Ten program, Orlik, jest dla nas, można powiedzieć, jak zbawienie
O programie „Moje Boisko – Orlik 2012” rozmawiamy z Barbarą Gąsiorowską, Burmistrzem Miasta i Gminy Nowe Miasto nad Pilicą.
Czy gmina Nowe Miasto złożyła wniosek do programu Orlik?
- Tak, złożyliśmy wniosek w tym roku. O przyznaniu środków finansowych na tę inwestycję dowiedzieliśmy się dość późno, ale wszystko przebiegło dobrze. Obecnie budowa dobiega już końca. Wykorzystaliśmy teren przy szkole podstawowej, było tam asfaltowe boisko, nieogrodzone, wyglądało nieestetycznie. Teraz będziemy mieli piękny zadbany teren z boiskami służący przede wszystkim młodzieży i dzieciom.
Ile boisk jest obecnie w Państwa gminie? W jakim są stanie? Czy były modernizowane?
- Na terenie naszej gminy mamy boisko przy szkole podstwowej w Żdżarach wykonane w czynie społecznym przez mieszkańców. Mamy na terenie miasta stadion miejski, który był niestety bardzo zaniedbany, ale w tym roku zrobiliśmy na nim trybuny i myślę, że sukcesywnie będzie on odnawiany.
Jakie są priorytety wydatków gminnych - czy wśród wielu potrzeb społeczności lokalnej silna jest potrzeba zbudowania boiska?
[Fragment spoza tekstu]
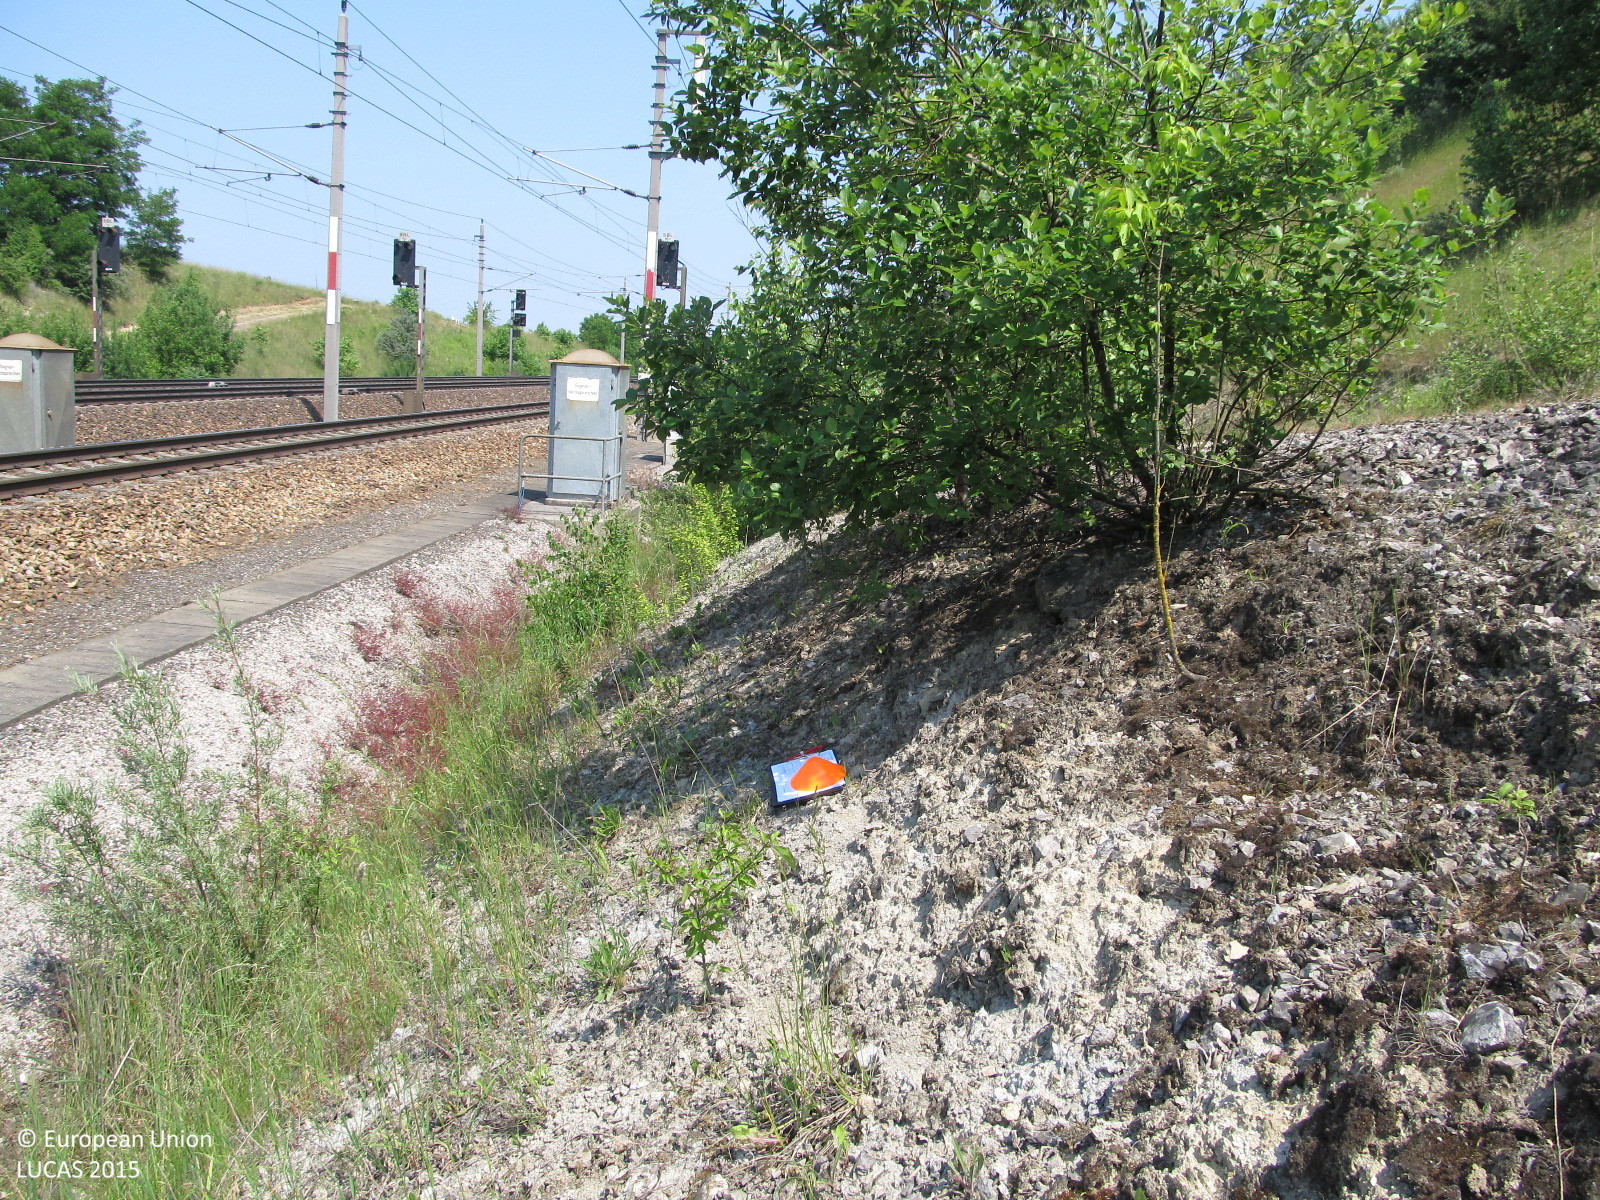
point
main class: Grassland
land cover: Spontaneously vegetated surfaces
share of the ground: > 75 %
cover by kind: unconsolidated bare surface 50 %, herbaceous plants 25 %, consolidated bare surface 20 %, shrubs 5 %
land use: Railway transport
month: June
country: AT
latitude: 48.2095
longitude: 15.5602

- Jak w każdej gminie, tak i u nas jest długa lista potrzeb i życzeń. Muszę jednak powiedzieć, że rozwój infrastruktury sportowej leży na sercu każdemu radnemu, dlatego nie ma sprzeciwu odnośnie przesunięcia środków w budżecie na te inwestycje. W ubiegłym roku składaliśmy wnioski o środki norweskie na przebudowę stadionu, niestety nie udało się. W tym roku udało się z Orlikiem.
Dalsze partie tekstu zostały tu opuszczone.